PROBLEM DESCRIPTION
There is a line below that contains "ཟླའི་ཚད་མ་མཐོང་བའི་ཕྱིར། རྟགས་བསལ་ཁས་བླངས། གཉིས་པ་ནི།". Please reproduce it and all following lines exactly, through the final one.

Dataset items
****

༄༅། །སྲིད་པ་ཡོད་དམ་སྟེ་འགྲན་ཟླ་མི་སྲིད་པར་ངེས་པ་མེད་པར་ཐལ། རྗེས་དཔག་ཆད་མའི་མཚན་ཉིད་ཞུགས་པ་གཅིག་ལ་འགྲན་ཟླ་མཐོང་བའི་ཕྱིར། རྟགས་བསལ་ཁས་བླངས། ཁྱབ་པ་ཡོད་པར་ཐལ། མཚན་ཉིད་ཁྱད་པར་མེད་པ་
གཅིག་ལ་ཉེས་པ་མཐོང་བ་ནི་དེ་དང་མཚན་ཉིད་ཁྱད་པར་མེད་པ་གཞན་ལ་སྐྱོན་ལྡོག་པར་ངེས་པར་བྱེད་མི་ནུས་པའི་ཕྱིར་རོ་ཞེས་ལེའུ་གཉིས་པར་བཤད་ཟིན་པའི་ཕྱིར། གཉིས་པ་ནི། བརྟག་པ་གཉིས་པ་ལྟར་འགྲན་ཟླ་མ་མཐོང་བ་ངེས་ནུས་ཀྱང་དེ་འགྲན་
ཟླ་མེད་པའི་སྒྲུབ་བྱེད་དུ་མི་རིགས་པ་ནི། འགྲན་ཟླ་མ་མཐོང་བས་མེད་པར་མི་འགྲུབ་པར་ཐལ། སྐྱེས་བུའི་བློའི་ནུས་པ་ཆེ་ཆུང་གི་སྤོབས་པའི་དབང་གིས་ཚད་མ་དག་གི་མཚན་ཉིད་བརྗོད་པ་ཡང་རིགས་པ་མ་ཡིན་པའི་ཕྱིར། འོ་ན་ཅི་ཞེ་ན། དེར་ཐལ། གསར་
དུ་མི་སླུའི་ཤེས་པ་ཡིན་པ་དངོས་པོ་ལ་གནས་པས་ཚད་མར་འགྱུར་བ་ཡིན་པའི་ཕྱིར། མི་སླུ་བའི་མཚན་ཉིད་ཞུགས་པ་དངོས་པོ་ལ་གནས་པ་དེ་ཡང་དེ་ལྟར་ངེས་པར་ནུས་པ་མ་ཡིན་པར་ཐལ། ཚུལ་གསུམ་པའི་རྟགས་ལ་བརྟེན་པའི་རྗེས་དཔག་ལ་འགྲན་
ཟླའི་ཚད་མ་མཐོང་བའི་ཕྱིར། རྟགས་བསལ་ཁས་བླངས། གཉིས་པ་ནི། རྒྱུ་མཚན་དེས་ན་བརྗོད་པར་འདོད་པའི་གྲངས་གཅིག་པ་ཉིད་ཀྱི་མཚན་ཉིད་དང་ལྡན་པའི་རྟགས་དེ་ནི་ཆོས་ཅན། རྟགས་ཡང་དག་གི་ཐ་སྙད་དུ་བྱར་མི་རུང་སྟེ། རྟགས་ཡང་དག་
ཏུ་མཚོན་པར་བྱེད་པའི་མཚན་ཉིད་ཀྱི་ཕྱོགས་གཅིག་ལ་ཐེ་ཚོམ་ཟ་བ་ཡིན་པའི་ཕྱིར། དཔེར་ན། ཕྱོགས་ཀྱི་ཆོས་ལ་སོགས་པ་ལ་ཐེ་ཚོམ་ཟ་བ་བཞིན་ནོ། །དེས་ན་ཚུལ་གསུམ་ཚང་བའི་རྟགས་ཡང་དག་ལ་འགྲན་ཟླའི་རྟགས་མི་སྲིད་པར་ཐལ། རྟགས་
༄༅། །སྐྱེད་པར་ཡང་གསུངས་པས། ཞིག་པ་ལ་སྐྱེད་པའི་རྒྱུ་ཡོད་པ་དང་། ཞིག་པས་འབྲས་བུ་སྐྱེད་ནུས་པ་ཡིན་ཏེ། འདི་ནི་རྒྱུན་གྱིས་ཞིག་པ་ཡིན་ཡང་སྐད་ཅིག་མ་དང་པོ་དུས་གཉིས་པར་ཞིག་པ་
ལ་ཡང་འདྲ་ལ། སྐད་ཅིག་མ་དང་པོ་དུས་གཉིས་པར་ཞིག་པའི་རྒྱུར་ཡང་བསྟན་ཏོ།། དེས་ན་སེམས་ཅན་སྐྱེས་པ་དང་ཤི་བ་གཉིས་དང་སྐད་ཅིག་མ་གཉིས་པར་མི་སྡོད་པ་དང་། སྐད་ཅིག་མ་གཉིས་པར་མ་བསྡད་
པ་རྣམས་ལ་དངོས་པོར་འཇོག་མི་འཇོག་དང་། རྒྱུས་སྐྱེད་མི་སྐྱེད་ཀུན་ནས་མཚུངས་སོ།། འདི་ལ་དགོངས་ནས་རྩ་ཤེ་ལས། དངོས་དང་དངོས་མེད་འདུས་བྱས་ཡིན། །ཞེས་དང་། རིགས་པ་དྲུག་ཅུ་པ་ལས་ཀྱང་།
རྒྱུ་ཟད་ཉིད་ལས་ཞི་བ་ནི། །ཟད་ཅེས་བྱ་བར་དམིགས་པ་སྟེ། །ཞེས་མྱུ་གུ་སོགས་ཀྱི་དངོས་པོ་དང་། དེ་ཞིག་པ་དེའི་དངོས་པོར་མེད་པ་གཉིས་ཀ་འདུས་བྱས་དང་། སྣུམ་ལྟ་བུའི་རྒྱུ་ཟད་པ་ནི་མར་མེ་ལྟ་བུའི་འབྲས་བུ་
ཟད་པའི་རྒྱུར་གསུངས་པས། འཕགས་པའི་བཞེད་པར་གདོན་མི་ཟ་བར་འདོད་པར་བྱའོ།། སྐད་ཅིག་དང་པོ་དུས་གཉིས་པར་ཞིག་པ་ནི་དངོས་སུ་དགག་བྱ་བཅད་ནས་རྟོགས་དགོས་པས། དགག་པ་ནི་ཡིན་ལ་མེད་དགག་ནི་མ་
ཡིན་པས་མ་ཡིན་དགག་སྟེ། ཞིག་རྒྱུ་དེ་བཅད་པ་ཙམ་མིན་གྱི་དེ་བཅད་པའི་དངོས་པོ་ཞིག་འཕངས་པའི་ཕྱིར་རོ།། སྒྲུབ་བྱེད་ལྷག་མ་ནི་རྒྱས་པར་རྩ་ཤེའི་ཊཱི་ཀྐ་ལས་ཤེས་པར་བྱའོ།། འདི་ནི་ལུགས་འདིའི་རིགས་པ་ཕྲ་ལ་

****

RESPONSE AREA
ཟླའི་ཚད་མ་མཐོང་བའི་ཕྱིར། རྟགས་བསལ་ཁས་བླངས། གཉིས་པ་ནི། རྒྱུ་མཚན་དེས་ན་བརྗོད་པར་འདོད་པའི་གྲངས་གཅིག་པ་ཉིད་ཀྱི་མཚན་ཉིད་དང་ལྡན་པའི་རྟགས་དེ་ནི་ཆོས་ཅན། རྟགས་ཡང་དག་གི་ཐ་སྙད་དུ་བྱར་མི་རུང་སྟེ། རྟགས་ཡང་དག་
ཏུ་མཚོན་པར་བྱེད་པའི་མཚན་ཉིད་ཀྱི་ཕྱོགས་གཅིག་ལ་ཐེ་ཚོམ་ཟ་བ་ཡིན་པའི་ཕྱིར། དཔེར་ན། ཕྱོགས་ཀྱི་ཆོས་ལ་སོགས་པ་ལ་ཐེ་ཚོམ་ཟ་བ་བཞིན་ནོ། །དེས་ན་ཚུལ་གསུམ་ཚང་བའི་རྟགས་ཡང་དག་ལ་འགྲན་ཟླའི་རྟགས་མི་སྲིད་པར་ཐལ། རྟགས་
༄༅། །སྐྱེད་པར་ཡང་གསུངས་པས། ཞིག་པ་ལ་སྐྱེད་པའི་རྒྱུ་ཡོད་པ་དང་། ཞིག་པས་འབྲས་བུ་སྐྱེད་ནུས་པ་ཡིན་ཏེ། འདི་ནི་རྒྱུན་གྱིས་ཞིག་པ་ཡིན་ཡང་སྐད་ཅིག་མ་དང་པོ་དུས་གཉིས་པར་ཞིག་པ་
ལ་ཡང་འདྲ་ལ། སྐད་ཅིག་མ་དང་པོ་དུས་གཉིས་པར་ཞིག་པའི་རྒྱུར་ཡང་བསྟན་ཏོ།། དེས་ན་སེམས་ཅན་སྐྱེས་པ་དང་ཤི་བ་གཉིས་དང་སྐད་ཅིག་མ་གཉིས་པར་མི་སྡོད་པ་དང་། སྐད་ཅིག་མ་གཉིས་པར་མ་བསྡད་
པ་རྣམས་ལ་དངོས་པོར་འཇོག་མི་འཇོག་དང་། རྒྱུས་སྐྱེད་མི་སྐྱེད་ཀུན་ནས་མཚུངས་སོ།། འདི་ལ་དགོངས་ནས་རྩ་ཤེ་ལས། དངོས་དང་དངོས་མེད་འདུས་བྱས་ཡིན། །ཞེས་དང་། རིགས་པ་དྲུག་ཅུ་པ་ལས་ཀྱང་།
རྒྱུ་ཟད་ཉིད་ལས་ཞི་བ་ནི། །ཟད་ཅེས་བྱ་བར་དམིགས་པ་སྟེ། །ཞེས་མྱུ་གུ་སོགས་ཀྱི་དངོས་པོ་དང་། དེ་ཞིག་པ་དེའི་དངོས་པོར་མེད་པ་གཉིས་ཀ་འདུས་བྱས་དང་། སྣུམ་ལྟ་བུའི་རྒྱུ་ཟད་པ་ནི་མར་མེ་ལྟ་བུའི་འབྲས་བུ་
ཟད་པའི་རྒྱུར་གསུངས་པས། འཕགས་པའི་བཞེད་པར་གདོན་མི་ཟ་བར་འདོད་པར་བྱའོ།། སྐད་ཅིག་དང་པོ་དུས་གཉིས་པར་ཞིག་པ་ནི་དངོས་སུ་དགག་བྱ་བཅད་ནས་རྟོགས་དགོས་པས། དགག་པ་ནི་ཡིན་ལ་མེད་དགག་ནི་མ་
ཡིན་པས་མ་ཡིན་དགག་སྟེ། ཞིག་རྒྱུ་དེ་བཅད་པ་ཙམ་མིན་གྱི་དེ་བཅད་པའི་དངོས་པོ་ཞིག་འཕངས་པའི་ཕྱིར་རོ།། སྒྲུབ་བྱེད་ལྷག་མ་ནི་རྒྱས་པར་རྩ་ཤེའི་ཊཱི་ཀྐ་ལས་ཤེས་པར་བྱའོ།། འདི་ནི་ལུགས་འདིའི་རིགས་པ་ཕྲ་ལ་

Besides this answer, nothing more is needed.